We are treading down that path anyway by making models in Power BI and give those to users as a centralized, supported, maintained baseline. Data Catalog is the same thing for Power Query objects.
Let’s say we have an external data source (website) that doesn’t need to be fully integrated into our system, so it does not become part of the ETL. Power Query can connect to it and we prefer applying some best practice data cleansing steps (e.g. setting date values as date types to avoid April becoming the first month of the year…). Then instead of distributing the Excel file containing that query the way is to send it to the data catalog which is the centralized store of the Power Query queries.

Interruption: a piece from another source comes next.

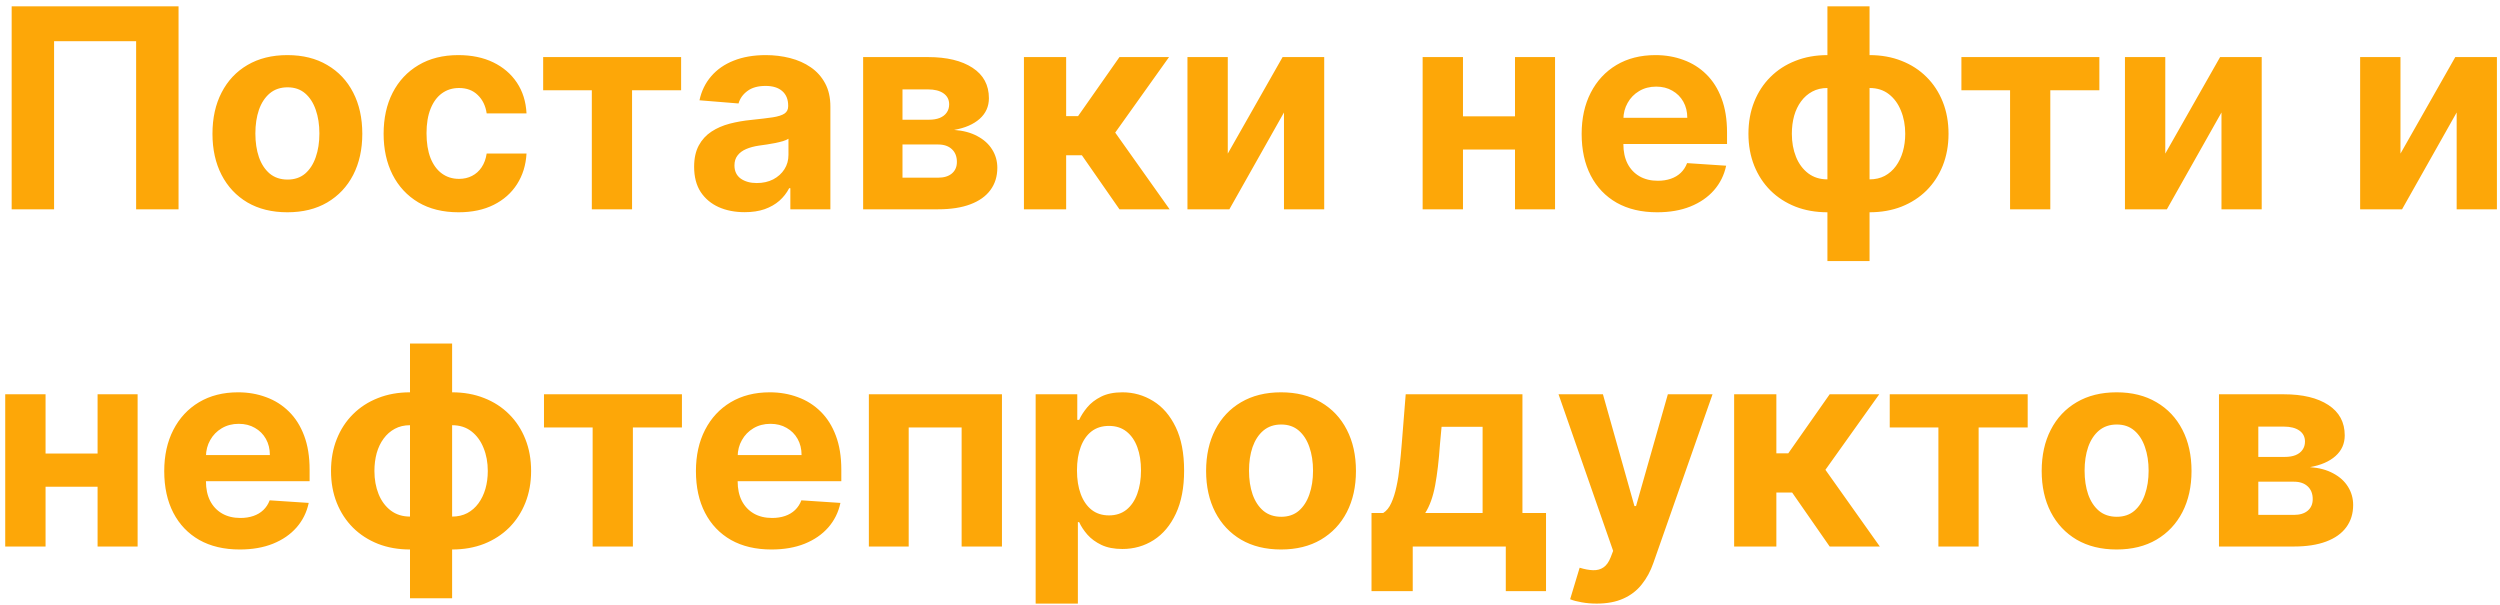 <?xml version="1.0" encoding="UTF-8"?>
<svg xmlns="http://www.w3.org/2000/svg" width="215" height="52" viewBox="0 0 215 52" fill="none">
  <path d="M15.355 0.545V18H11.707V3.545H4.651V18H1.003V0.545H15.355ZM24.715 18.256C23.391 18.256 22.246 17.974 21.28 17.412C20.32 16.844 19.579 16.054 19.056 15.043C18.533 14.026 18.272 12.847 18.272 11.506C18.272 10.153 18.533 8.972 19.056 7.96C19.579 6.943 20.32 6.153 21.28 5.591C22.246 5.023 23.391 4.739 24.715 4.739C26.039 4.739 27.181 5.023 28.141 5.591C29.107 6.153 29.852 6.943 30.374 7.96C30.897 8.972 31.158 10.153 31.158 11.506C31.158 12.847 30.897 14.026 30.374 15.043C29.852 16.054 29.107 16.844 28.141 17.412C27.181 17.974 26.039 18.256 24.715 18.256ZM24.732 15.443C25.334 15.443 25.837 15.273 26.241 14.932C26.644 14.585 26.948 14.114 27.153 13.517C27.363 12.921 27.468 12.242 27.468 11.48C27.468 10.719 27.363 10.04 27.153 9.443C26.948 8.847 26.644 8.375 26.241 8.028C25.837 7.682 25.334 7.509 24.732 7.509C24.124 7.509 23.613 7.682 23.198 8.028C22.789 8.375 22.479 8.847 22.269 9.443C22.065 10.04 21.962 10.719 21.962 11.48C21.962 12.242 22.065 12.921 22.269 13.517C22.479 14.114 22.789 14.585 23.198 14.932C23.613 15.273 24.124 15.443 24.732 15.443ZM39.434 18.256C38.093 18.256 36.94 17.972 35.974 17.403C35.014 16.829 34.275 16.034 33.758 15.017C33.246 14 32.991 12.829 32.991 11.506C32.991 10.165 33.249 8.989 33.766 7.977C34.289 6.96 35.031 6.168 35.991 5.599C36.951 5.026 38.093 4.739 39.417 4.739C40.559 4.739 41.559 4.946 42.417 5.361C43.275 5.776 43.954 6.358 44.454 7.108C44.954 7.858 45.229 8.739 45.281 9.75H41.854C41.758 9.097 41.502 8.571 41.087 8.173C40.678 7.77 40.141 7.568 39.477 7.568C38.914 7.568 38.423 7.722 38.002 8.028C37.587 8.33 37.264 8.77 37.031 9.349C36.798 9.929 36.681 10.631 36.681 11.454C36.681 12.29 36.795 13 37.022 13.585C37.255 14.171 37.582 14.617 38.002 14.923C38.423 15.23 38.914 15.383 39.477 15.383C39.891 15.383 40.264 15.298 40.593 15.128C40.928 14.957 41.204 14.71 41.42 14.386C41.641 14.057 41.786 13.662 41.854 13.202H45.281C45.224 14.202 44.951 15.082 44.462 15.844C43.979 16.599 43.312 17.19 42.459 17.616C41.607 18.043 40.599 18.256 39.434 18.256ZM46.712 7.764V4.909H58.576V7.764H54.357V18H50.897V7.764H46.712ZM64.041 18.247C63.206 18.247 62.462 18.102 61.808 17.812C61.155 17.517 60.638 17.082 60.257 16.509C59.882 15.929 59.695 15.207 59.695 14.344C59.695 13.617 59.828 13.006 60.095 12.511C60.362 12.017 60.726 11.619 61.186 11.318C61.646 11.017 62.169 10.79 62.754 10.636C63.345 10.483 63.965 10.375 64.612 10.312C65.374 10.233 65.987 10.159 66.453 10.091C66.919 10.017 67.257 9.909 67.467 9.767C67.678 9.625 67.783 9.415 67.783 9.136V9.085C67.783 8.545 67.612 8.128 67.271 7.832C66.936 7.537 66.459 7.389 65.84 7.389C65.186 7.389 64.666 7.534 64.28 7.824C63.894 8.108 63.638 8.466 63.513 8.898L60.155 8.625C60.325 7.83 60.66 7.142 61.16 6.562C61.66 5.977 62.305 5.528 63.095 5.216C63.891 4.898 64.811 4.739 65.856 4.739C66.584 4.739 67.28 4.824 67.945 4.994C68.615 5.165 69.209 5.429 69.726 5.787C70.249 6.145 70.66 6.605 70.962 7.168C71.263 7.724 71.413 8.392 71.413 9.17V18H67.97V16.185H67.868C67.658 16.594 67.376 16.954 67.024 17.267C66.672 17.574 66.249 17.815 65.754 17.991C65.26 18.162 64.689 18.247 64.041 18.247ZM65.081 15.742C65.615 15.742 66.087 15.636 66.496 15.426C66.905 15.21 67.226 14.921 67.459 14.557C67.692 14.193 67.808 13.781 67.808 13.321V11.932C67.695 12.006 67.538 12.074 67.34 12.136C67.146 12.193 66.928 12.247 66.683 12.298C66.439 12.344 66.195 12.386 65.95 12.426C65.706 12.46 65.484 12.492 65.285 12.52C64.859 12.582 64.487 12.682 64.169 12.818C63.851 12.954 63.604 13.139 63.428 13.372C63.251 13.599 63.163 13.883 63.163 14.224C63.163 14.719 63.342 15.097 63.7 15.358C64.064 15.614 64.524 15.742 65.081 15.742ZM74.23 18V4.909H79.812C81.426 4.909 82.702 5.216 83.639 5.83C84.577 6.443 85.046 7.315 85.046 8.446C85.046 9.156 84.781 9.747 84.253 10.219C83.724 10.69 82.992 11.008 82.054 11.173C82.838 11.23 83.506 11.409 84.057 11.71C84.614 12.006 85.037 12.389 85.327 12.861C85.622 13.332 85.77 13.855 85.77 14.429C85.77 15.173 85.571 15.812 85.173 16.347C84.781 16.881 84.204 17.29 83.443 17.574C82.688 17.858 81.764 18 80.673 18H74.23ZM77.614 15.281H80.673C81.179 15.281 81.574 15.162 81.858 14.923C82.148 14.679 82.293 14.347 82.293 13.926C82.293 13.46 82.148 13.094 81.858 12.827C81.574 12.56 81.179 12.426 80.673 12.426H77.614V15.281ZM77.614 10.296H79.889C80.253 10.296 80.562 10.244 80.818 10.142C81.079 10.034 81.278 9.881 81.415 9.682C81.557 9.483 81.628 9.247 81.628 8.974C81.628 8.571 81.466 8.256 81.142 8.028C80.818 7.801 80.375 7.688 79.812 7.688H77.614V10.296ZM88.058 18V4.909H91.689V9.989H92.712L96.274 4.909H100.536L95.908 11.403L100.587 18H96.274L93.044 13.355H91.689V18H88.058ZM105.589 13.21L110.303 4.909H113.882V18H110.422V9.673L105.726 18H102.121V4.909H105.589V13.21ZM131.458 10.006V12.861H124.623V10.006H131.458ZM125.816 4.909V18H122.347V4.909H125.816ZM133.734 4.909V18H130.29V4.909H133.734ZM142.516 18.256C141.17 18.256 140.011 17.983 139.039 17.438C138.073 16.886 137.329 16.108 136.806 15.102C136.283 14.091 136.022 12.895 136.022 11.514C136.022 10.168 136.283 8.986 136.806 7.969C137.329 6.952 138.065 6.159 139.013 5.591C139.968 5.023 141.087 4.739 142.371 4.739C143.235 4.739 144.039 4.878 144.783 5.156C145.533 5.429 146.187 5.841 146.744 6.392C147.306 6.943 147.744 7.636 148.056 8.472C148.369 9.301 148.525 10.273 148.525 11.386V12.383H137.471V10.133H145.107C145.107 9.611 144.994 9.148 144.766 8.744C144.539 8.341 144.224 8.026 143.82 7.798C143.423 7.565 142.96 7.449 142.431 7.449C141.88 7.449 141.391 7.577 140.965 7.832C140.545 8.082 140.215 8.42 139.977 8.847C139.738 9.267 139.616 9.736 139.61 10.253V12.392C139.61 13.04 139.729 13.599 139.968 14.071C140.212 14.543 140.556 14.906 140.999 15.162C141.442 15.418 141.968 15.546 142.576 15.546C142.979 15.546 143.349 15.489 143.684 15.375C144.019 15.261 144.306 15.091 144.545 14.864C144.783 14.636 144.965 14.358 145.09 14.028L148.448 14.25C148.278 15.057 147.928 15.761 147.4 16.364C146.877 16.96 146.201 17.426 145.371 17.761C144.548 18.091 143.596 18.256 142.516 18.256ZM157.158 22.449V0.545H160.781V22.449H157.158ZM157.158 18.256C156.153 18.256 155.235 18.094 154.406 17.77C153.576 17.44 152.86 16.977 152.258 16.381C151.656 15.778 151.19 15.065 150.86 14.242C150.531 13.412 150.366 12.5 150.366 11.506C150.366 10.5 150.531 9.585 150.86 8.761C151.19 7.932 151.656 7.219 152.258 6.622C152.86 6.02 153.576 5.557 154.406 5.233C155.235 4.903 156.153 4.739 157.158 4.739H157.832V18.256H157.158ZM157.158 15.426H157.559V7.568H157.158C156.67 7.568 156.235 7.67 155.854 7.875C155.474 8.08 155.153 8.361 154.891 8.719C154.63 9.071 154.431 9.486 154.295 9.963C154.164 10.44 154.099 10.954 154.099 11.506C154.099 12.233 154.218 12.895 154.457 13.492C154.695 14.082 155.045 14.554 155.505 14.906C155.965 15.253 156.516 15.426 157.158 15.426ZM160.781 18.256H160.107V4.739H160.781C161.786 4.739 162.704 4.903 163.533 5.233C164.363 5.557 165.079 6.02 165.681 6.622C166.283 7.219 166.749 7.932 167.079 8.761C167.408 9.585 167.573 10.5 167.573 11.506C167.573 12.5 167.408 13.412 167.079 14.242C166.749 15.065 166.283 15.778 165.681 16.381C165.079 16.977 164.363 17.44 163.533 17.77C162.704 18.094 161.786 18.256 160.781 18.256ZM160.781 15.426C161.269 15.426 161.704 15.327 162.085 15.128C162.465 14.923 162.786 14.642 163.048 14.284C163.309 13.926 163.508 13.511 163.644 13.04C163.781 12.562 163.849 12.051 163.849 11.506C163.849 10.773 163.727 10.111 163.482 9.52C163.244 8.923 162.897 8.449 162.442 8.097C161.988 7.744 161.434 7.568 160.781 7.568H160.38V15.426H160.781ZM168.681 7.764V4.909H180.545V7.764H176.326V18H172.866V7.764H168.681ZM186.214 13.21L190.928 4.909H194.507V18H191.047V9.673L186.351 18H182.746V4.909H186.214V13.21ZM206.441 13.21L211.154 4.909H214.734V18H211.273V9.673L206.577 18H202.972V4.909H206.441V13.21ZM9.56 39.006V41.861H2.724V39.006H9.56ZM3.918 33.909V47H0.449V33.909H3.918ZM11.835 33.909V47H8.392V33.909H11.835ZM20.618 47.256C19.271 47.256 18.112 46.983 17.141 46.438C16.175 45.886 15.43 45.108 14.908 44.102C14.385 43.091 14.124 41.895 14.124 40.514C14.124 39.168 14.385 37.986 14.908 36.969C15.43 35.952 16.166 35.159 17.115 34.591C18.07 34.023 19.189 33.739 20.473 33.739C21.337 33.739 22.141 33.878 22.885 34.156C23.635 34.429 24.288 34.841 24.845 35.392C25.408 35.943 25.845 36.636 26.158 37.472C26.47 38.301 26.626 39.273 26.626 40.386V41.383H15.572V39.133H23.209C23.209 38.611 23.095 38.148 22.868 37.744C22.641 37.341 22.325 37.026 21.922 36.798C21.524 36.565 21.061 36.449 20.533 36.449C19.982 36.449 19.493 36.577 19.067 36.832C18.646 37.082 18.317 37.42 18.078 37.847C17.84 38.267 17.717 38.736 17.712 39.253V41.392C17.712 42.04 17.831 42.599 18.07 43.071C18.314 43.543 18.658 43.906 19.101 44.162C19.544 44.418 20.07 44.545 20.678 44.545C21.081 44.545 21.45 44.489 21.785 44.375C22.121 44.261 22.408 44.091 22.646 43.864C22.885 43.636 23.067 43.358 23.192 43.028L26.55 43.25C26.379 44.057 26.03 44.761 25.501 45.364C24.979 45.96 24.303 46.426 23.473 46.761C22.649 47.091 21.697 47.256 20.618 47.256ZM35.26 51.449V29.546H38.882V51.449H35.26ZM35.26 47.256C34.254 47.256 33.337 47.094 32.507 46.77C31.678 46.44 30.962 45.977 30.359 45.381C29.757 44.778 29.291 44.065 28.962 43.242C28.632 42.412 28.467 41.5 28.467 40.506C28.467 39.5 28.632 38.585 28.962 37.761C29.291 36.932 29.757 36.219 30.359 35.622C30.962 35.02 31.678 34.557 32.507 34.233C33.337 33.903 34.254 33.739 35.26 33.739H35.933V47.256H35.26ZM35.26 44.426H35.66V36.568H35.26C34.771 36.568 34.337 36.67 33.956 36.875C33.575 37.08 33.254 37.361 32.993 37.719C32.731 38.071 32.533 38.486 32.396 38.963C32.266 39.44 32.2 39.955 32.2 40.506C32.2 41.233 32.32 41.895 32.558 42.492C32.797 43.082 33.146 43.554 33.606 43.906C34.067 44.253 34.618 44.426 35.26 44.426ZM38.882 47.256H38.209V33.739H38.882C39.888 33.739 40.805 33.903 41.635 34.233C42.465 34.557 43.18 35.02 43.783 35.622C44.385 36.219 44.851 36.932 45.18 37.761C45.51 38.585 45.675 39.5 45.675 40.506C45.675 41.5 45.51 42.412 45.18 43.242C44.851 44.065 44.385 44.778 43.783 45.381C43.18 45.977 42.465 46.44 41.635 46.77C40.805 47.094 39.888 47.256 38.882 47.256ZM38.882 44.426C39.371 44.426 39.805 44.327 40.186 44.128C40.567 43.923 40.888 43.642 41.149 43.284C41.41 42.926 41.609 42.511 41.746 42.04C41.882 41.562 41.95 41.051 41.95 40.506C41.95 39.773 41.828 39.111 41.584 38.52C41.345 37.923 40.999 37.449 40.544 37.097C40.09 36.744 39.535 36.568 38.882 36.568H38.481V44.426H38.882ZM46.783 36.764V33.909H58.646V36.764H54.428V47H50.967V36.764H46.783ZM66.344 47.256C64.998 47.256 63.839 46.983 62.867 46.438C61.901 45.886 61.157 45.108 60.634 44.102C60.111 43.091 59.85 41.895 59.85 40.514C59.85 39.168 60.111 37.986 60.634 36.969C61.157 35.952 61.893 35.159 62.842 34.591C63.796 34.023 64.915 33.739 66.2 33.739C67.063 33.739 67.867 33.878 68.612 34.156C69.362 34.429 70.015 34.841 70.572 35.392C71.134 35.943 71.572 36.636 71.884 37.472C72.197 38.301 72.353 39.273 72.353 40.386V41.383H61.299V39.133H68.935C68.935 38.611 68.822 38.148 68.594 37.744C68.367 37.341 68.052 37.026 67.648 36.798C67.251 36.565 66.788 36.449 66.259 36.449C65.708 36.449 65.219 36.577 64.793 36.832C64.373 37.082 64.043 37.42 63.805 37.847C63.566 38.267 63.444 38.736 63.438 39.253V41.392C63.438 42.04 63.557 42.599 63.796 43.071C64.04 43.543 64.384 43.906 64.827 44.162C65.271 44.418 65.796 44.545 66.404 44.545C66.808 44.545 67.177 44.489 67.512 44.375C67.847 44.261 68.134 44.091 68.373 43.864C68.612 43.636 68.793 43.358 68.918 43.028L72.276 43.25C72.106 44.057 71.756 44.761 71.228 45.364C70.705 45.96 70.029 46.426 69.2 46.761C68.376 47.091 67.424 47.256 66.344 47.256ZM74.722 47V33.909H86.168V47H82.7V36.764H78.148V47H74.722ZM89.066 51.909V33.909H92.646V36.108H92.808C92.967 35.756 93.197 35.398 93.498 35.034C93.805 34.665 94.202 34.358 94.691 34.114C95.185 33.864 95.799 33.739 96.532 33.739C97.487 33.739 98.367 33.989 99.174 34.489C99.981 34.983 100.626 35.73 101.109 36.73C101.592 37.724 101.833 38.972 101.833 40.472C101.833 41.932 101.597 43.165 101.126 44.17C100.66 45.17 100.023 45.929 99.217 46.446C98.415 46.957 97.518 47.213 96.523 47.213C95.819 47.213 95.219 47.097 94.725 46.864C94.237 46.631 93.836 46.338 93.523 45.986C93.211 45.628 92.972 45.267 92.808 44.903H92.697V51.909H89.066ZM92.62 40.455C92.62 41.233 92.728 41.912 92.944 42.492C93.16 43.071 93.472 43.523 93.881 43.847C94.29 44.165 94.788 44.324 95.373 44.324C95.964 44.324 96.464 44.162 96.873 43.838C97.282 43.508 97.592 43.054 97.802 42.474C98.018 41.889 98.126 41.216 98.126 40.455C98.126 39.699 98.021 39.034 97.81 38.46C97.6 37.886 97.29 37.438 96.881 37.114C96.472 36.79 95.969 36.628 95.373 36.628C94.782 36.628 94.282 36.784 93.873 37.097C93.469 37.409 93.16 37.852 92.944 38.426C92.728 39 92.62 39.676 92.62 40.455ZM110.168 47.256C108.844 47.256 107.7 46.974 106.734 46.412C105.773 45.844 105.032 45.054 104.509 44.043C103.987 43.026 103.725 41.847 103.725 40.506C103.725 39.153 103.987 37.972 104.509 36.96C105.032 35.943 105.773 35.153 106.734 34.591C107.7 34.023 108.844 33.739 110.168 33.739C111.492 33.739 112.634 34.023 113.594 34.591C114.56 35.153 115.305 35.943 115.827 36.96C116.35 37.972 116.612 39.153 116.612 40.506C116.612 41.847 116.35 43.026 115.827 44.043C115.305 45.054 114.56 45.844 113.594 46.412C112.634 46.974 111.492 47.256 110.168 47.256ZM110.185 44.443C110.788 44.443 111.29 44.273 111.694 43.932C112.097 43.585 112.401 43.114 112.606 42.517C112.816 41.92 112.921 41.242 112.921 40.48C112.921 39.719 112.816 39.04 112.606 38.443C112.401 37.847 112.097 37.375 111.694 37.028C111.29 36.682 110.788 36.508 110.185 36.508C109.577 36.508 109.066 36.682 108.651 37.028C108.242 37.375 107.933 37.847 107.722 38.443C107.518 39.04 107.415 39.719 107.415 40.48C107.415 41.242 107.518 41.92 107.722 42.517C107.933 43.114 108.242 43.585 108.651 43.932C109.066 44.273 109.577 44.443 110.185 44.443ZM117.95 50.835V44.119H118.955C119.245 43.938 119.478 43.648 119.654 43.25C119.836 42.852 119.984 42.383 120.097 41.844C120.217 41.304 120.308 40.722 120.37 40.097C120.438 39.466 120.498 38.83 120.549 38.188L120.89 33.909H130.93V44.119H132.958V50.835H129.498V47H121.495V50.835H117.95ZM122.569 44.119H127.504V36.705H123.975L123.839 38.188C123.742 39.585 123.603 40.773 123.421 41.75C123.239 42.722 122.955 43.511 122.569 44.119ZM137.315 51.909C136.855 51.909 136.423 51.872 136.02 51.798C135.622 51.73 135.293 51.642 135.031 51.534L135.849 48.824C136.276 48.955 136.659 49.026 137 49.037C137.347 49.048 137.645 48.969 137.895 48.798C138.151 48.628 138.358 48.338 138.517 47.929L138.73 47.375L134.034 33.909H137.852L140.562 43.523H140.699L143.435 33.909H147.278L142.19 48.415C141.946 49.119 141.614 49.733 141.193 50.256C140.778 50.784 140.253 51.19 139.616 51.474C138.98 51.764 138.213 51.909 137.315 51.909ZM149.136 47V33.909H152.767V38.989H153.79L157.352 33.909H161.614L156.986 40.403L161.665 47H157.352L154.122 42.355H152.767V47H149.136ZM162.517 36.764V33.909H174.381V36.764H170.162V47H166.702V36.764H162.517ZM182.028 47.256C180.704 47.256 179.559 46.974 178.593 46.412C177.633 45.844 176.891 45.054 176.369 44.043C175.846 43.026 175.585 41.847 175.585 40.506C175.585 39.153 175.846 37.972 176.369 36.96C176.891 35.943 177.633 35.153 178.593 34.591C179.559 34.023 180.704 33.739 182.028 33.739C183.352 33.739 184.494 34.023 185.454 34.591C186.42 35.153 187.164 35.943 187.687 36.96C188.21 37.972 188.471 39.153 188.471 40.506C188.471 41.847 188.21 43.026 187.687 44.043C187.164 45.054 186.42 45.844 185.454 46.412C184.494 46.974 183.352 47.256 182.028 47.256ZM182.045 44.443C182.647 44.443 183.15 44.273 183.553 43.932C183.957 43.585 184.261 43.114 184.465 42.517C184.675 41.92 184.781 41.242 184.781 40.48C184.781 39.719 184.675 39.04 184.465 38.443C184.261 37.847 183.957 37.375 183.553 37.028C183.15 36.682 182.647 36.508 182.045 36.508C181.437 36.508 180.925 36.682 180.511 37.028C180.102 37.375 179.792 37.847 179.582 38.443C179.377 39.04 179.275 39.719 179.275 40.48C179.275 41.242 179.377 41.92 179.582 42.517C179.792 43.114 180.102 43.585 180.511 43.932C180.925 44.273 181.437 44.443 182.045 44.443ZM190.832 47V33.909H196.414C198.028 33.909 199.303 34.216 200.241 34.83C201.178 35.443 201.647 36.315 201.647 37.446C201.647 38.156 201.383 38.747 200.854 39.219C200.326 39.69 199.593 40.008 198.656 40.173C199.44 40.23 200.107 40.409 200.658 40.71C201.215 41.006 201.638 41.389 201.928 41.861C202.224 42.332 202.371 42.855 202.371 43.429C202.371 44.173 202.173 44.812 201.775 45.347C201.383 45.881 200.806 46.29 200.045 46.574C199.289 46.858 198.366 47 197.275 47H190.832ZM194.215 44.281H197.275C197.781 44.281 198.175 44.162 198.46 43.923C198.749 43.679 198.894 43.347 198.894 42.926C198.894 42.46 198.749 42.094 198.46 41.827C198.175 41.56 197.781 41.426 197.275 41.426H194.215V44.281ZM194.215 39.295H196.491C196.854 39.295 197.164 39.244 197.42 39.142C197.681 39.034 197.88 38.881 198.016 38.682C198.158 38.483 198.229 38.247 198.229 37.974C198.229 37.571 198.067 37.256 197.744 37.028C197.42 36.801 196.977 36.688 196.414 36.688H194.215V39.295Z" fill="#FDA708"></path>
</svg>

Power BI Data Flows and “self-service data warehousing”
Data Flows in Power BI is a new feature, announced only 7 November 2018 so no one really has a lot of hands-on experience with it, but based on the announcement my impression is that this is the next step on the way Data Catalog was the previous station. It is really getting enterprise level in terms of infrastructure and as a canonical layer.
I am often cautious when Microsoft comes up with a new significant functionality – more because often their marketing team advertises it in a way that senior leaders see it as the “tool that can solve everything” – and I am somewhat confused about how Azure Data Factory and Power BI Data Flows will live side-by-side. Previously Power BI and the other Power [Somethings] targeted self-service power users and not the enterprise level ETL. Now it’s creeping into that area and if it’s conquered by it, I wonder what’s left for ADF? Maybe they consciously throw two competing projects in the mix to see what comes out of it?
I would reserve my judgment for now about such concepts as “self-service data preparation” and “self-service data warehousing” but I have to admit that these can have very significant implications to an organization and in both ways. I’m more anxious than enthused but that might come from my position as I am not on the self-service side.
Time will tell, but until then let me quickly recap my understanding of Data Flows. It’s everything that was in Data Catalog: a power user creates a nice data prep and load logic using Power Query and then publishes it, so it becomes available for others in the same organization (so far not a lot of difference…) but there are two major improvements:
- It’s a PaaS that stores data in Azure Data Lake Storage Gen2, so it will perform quite well, and a lot of other Azure services can be plugged into it (Databricks, Machine Learning components, …)
- There will be Common Data Models available that are industry standard and – hopefully – customizable data flows covering areas that appear at many companies in the same industry. Common entities (e.g. Account, Customer) are provided too as usually, companies don’t need to reinvent the wheel but smartly use what is already available!
The licensing is not totally clear for me, but I assume that, and the actual technology will gradually evolve starting in the near future.
Some very low level details are already available in Amir Netz’s whitepaper if you want to dive really deep.
Thanks for reading if you’ve managed to get to this point! Feel free to comment and/or correct!